Your divorce is a turning point. After spending years joining your life to your spouse’s, perhaps even raising children together, you must now spend time dividing your lives and making plans to move in different directions.
Certainly, much of those plans will involve finances, and the decisions you make over the next few months will have a profound impact on your financial security and overall well-being. With this in mind, you may benefit from taking a critical look at your situation before agreeing to any arbitrary division of property.
Cutting your losses
It may seem fair to accept asset for asset, trading the retirement account for the house and cutting the savings down the middle. However, financial experts suggest you look at the big picture and calculate the long-term consequences of these decisions. Sometimes something that seems like as asset at first may end up being a liability.
Your house may be a prime example of this. Unless you have no mortgage loan, your taxes are low and your appliances are in factory-new condition, winning the house in a divorce settlement may not really be a win. The benefits are undeniable. You get to avoid one more major change, hold on to sentimental value and keep your kids in a familiar environment. However, consider the following expenses:
- Maintenance and repairs
Also, keep in mind those weekly or seasonal chores like mowing the grass and cleaning the gutters. If your spouse handled these jobs, you may have to hire someone to take care of them. Trading the house for a retirement account or other liquid asset may not be a fair trade, even if both seem to have equal face value.
Is your future secure?
Another consideration is the security of your alimony or child support payments, if you are in a situation to receive those from your spouse.
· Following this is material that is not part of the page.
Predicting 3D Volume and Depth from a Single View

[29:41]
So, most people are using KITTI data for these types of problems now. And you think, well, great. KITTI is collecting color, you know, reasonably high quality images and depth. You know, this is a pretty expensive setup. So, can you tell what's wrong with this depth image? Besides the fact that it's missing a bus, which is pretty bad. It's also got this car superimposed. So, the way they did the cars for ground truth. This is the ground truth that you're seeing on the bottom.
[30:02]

Many divorced spouses who rely on support payments purchase life insurance policies on the paying spouse to ensure those payments continue after the spouse dies.
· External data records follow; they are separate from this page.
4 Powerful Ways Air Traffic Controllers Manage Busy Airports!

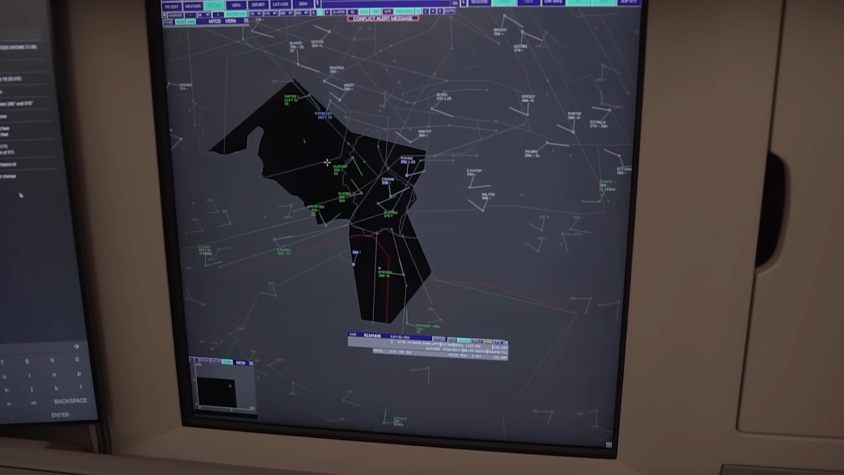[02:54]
or the ATC unit handling the en route airspace switches from using a radar to a procedural control temporarily.
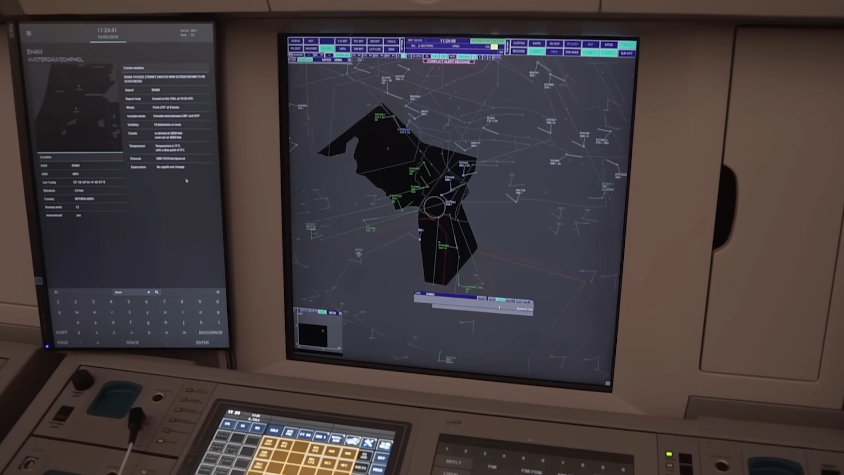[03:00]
In both cases, the spacing requirement increases dramatically.
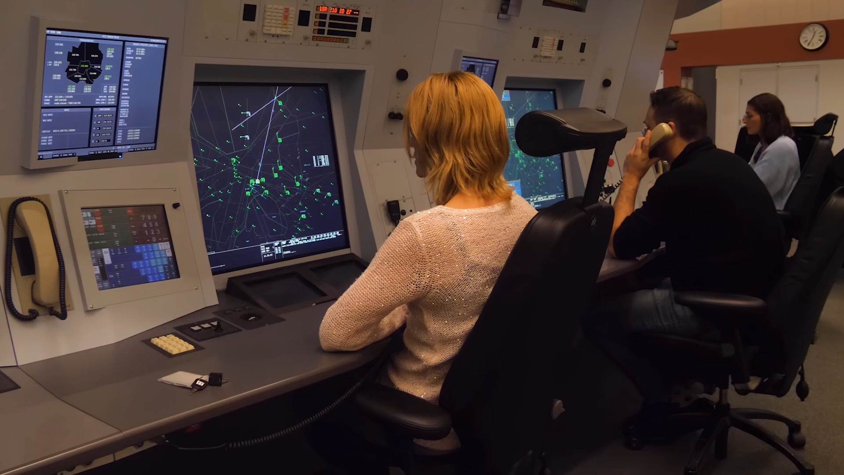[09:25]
The sequencing controller is responsible for feeding the traffic inbound for the approach controller, according to the times given by the arrival manager software.

If you fear you would fall on hard times if support payments stop, or if you want to make sure your former spouse and children continue to receive payments in the event of your untimely death, an insurance policy may be a wise investment.
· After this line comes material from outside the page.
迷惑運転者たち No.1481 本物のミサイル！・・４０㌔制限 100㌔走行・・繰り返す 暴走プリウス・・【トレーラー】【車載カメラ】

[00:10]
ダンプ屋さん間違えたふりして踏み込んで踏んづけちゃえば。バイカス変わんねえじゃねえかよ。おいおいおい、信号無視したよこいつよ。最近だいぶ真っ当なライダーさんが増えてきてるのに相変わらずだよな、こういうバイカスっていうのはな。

Other assets may have similar face values but very different tax implications. If you get the 401(k), for example, you will face tax penalties when you withdraw money. You will certainly want to have access to money for your daily expenses, at least until your feet are on firmer ground.
A divorce settlement is often more complex than it seems, and taking assets at face value may leave you with an unfair portion. Before agreeing to any division of property, seeking advice from a California legal professional may be in your best interests.